Modafinil was supplied by Cephalon, Inc. (West Chester, PA). Rifampin,
-naphthoflavone, nicotine, quinidine, 4-methylpyrazole, ketoconazole, baccatin, and 8-methoxypsoralen were purchased from Sigma
Chemical Co. (St. Louis, MO). 7-Ethoxy-4-trifluoromethylcoumarin (EFC)

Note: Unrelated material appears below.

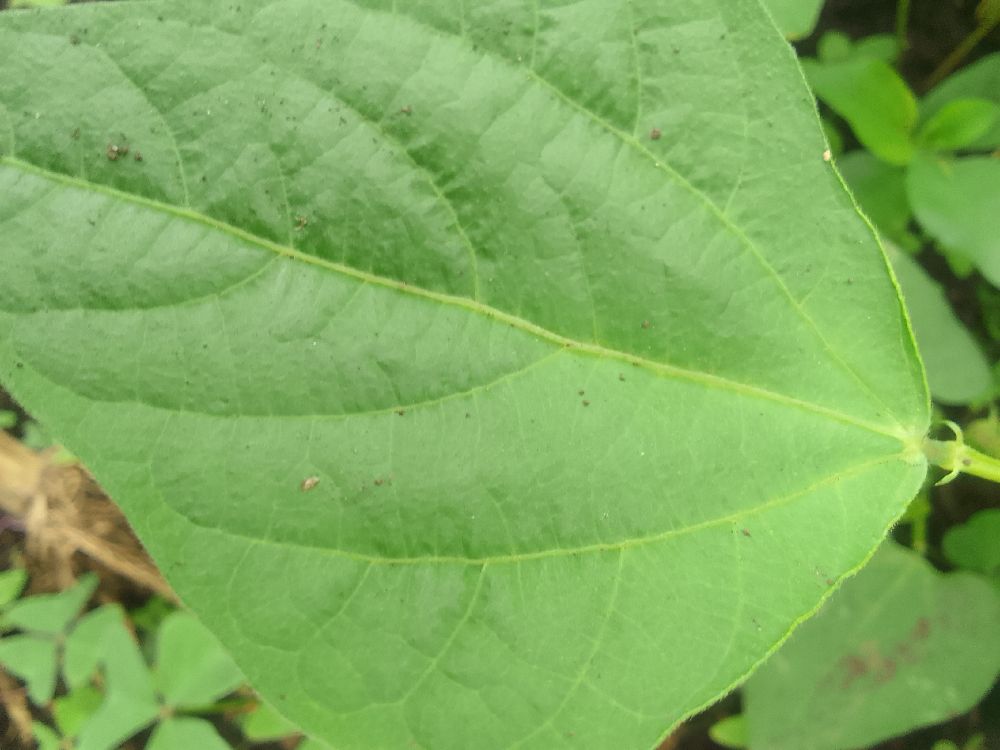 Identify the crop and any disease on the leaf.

common bean, healthy

was obtained from Molecular Probes (Junction City, OR). Paclitaxel and
6-hydroxypaclitaxel were obtained from Hauser Chemical Co. (Boulder,
CO) and Gentest Corp. (Woburn, MA), respectively. S-Mephenytoin, (±)-4'-hydroxymephenytoin, and
hydroxymethyltolbutamide were purchased from Ultrafine Chemicals
(Manchester, England). Furafylline was obtained from Research
Biochemicals Inc. (Natick, MA). Hexobarbital was purchased from
Sterling-Winthrop (Rensselaer, NY). Sulfaphenazole was obtained from
Ciba-Geigy Ltd. (Basel, Switzerland). Troleandomycin was obtained from
Pfizer, Inc. (Brooklyn, NY). Sources of other chemicals, including
culture media components, were as specified by Pearce et al. (1996a)
and Madan et al. (1999).
Human Hepatocytes.
Hepatocytes were isolated from human liver tissue obtained as surgical
waste or from rejected donor livers via a modification of the two-step
collagenase digestion method (Seglen et al., 1980; Quistorff et al.,
1989; LeCluyse et al., 1996). Briefly, human liver tissue was perfused
with pH 7.4 buffer containing 118 mM NaCl, 4.7 mM KCl, 1.2 mM
KH2PO4, 25 mM
NaHCO3, 5.5 mM glucose, and 0.5 mM EGTA, followed
by the same buffer lacking EGTA but containing 1.5 mM
CaCl2 and 0.2-0.5 mg/ml collagenase. Viability (trypan blue exclusion) was 70% for all preparations used.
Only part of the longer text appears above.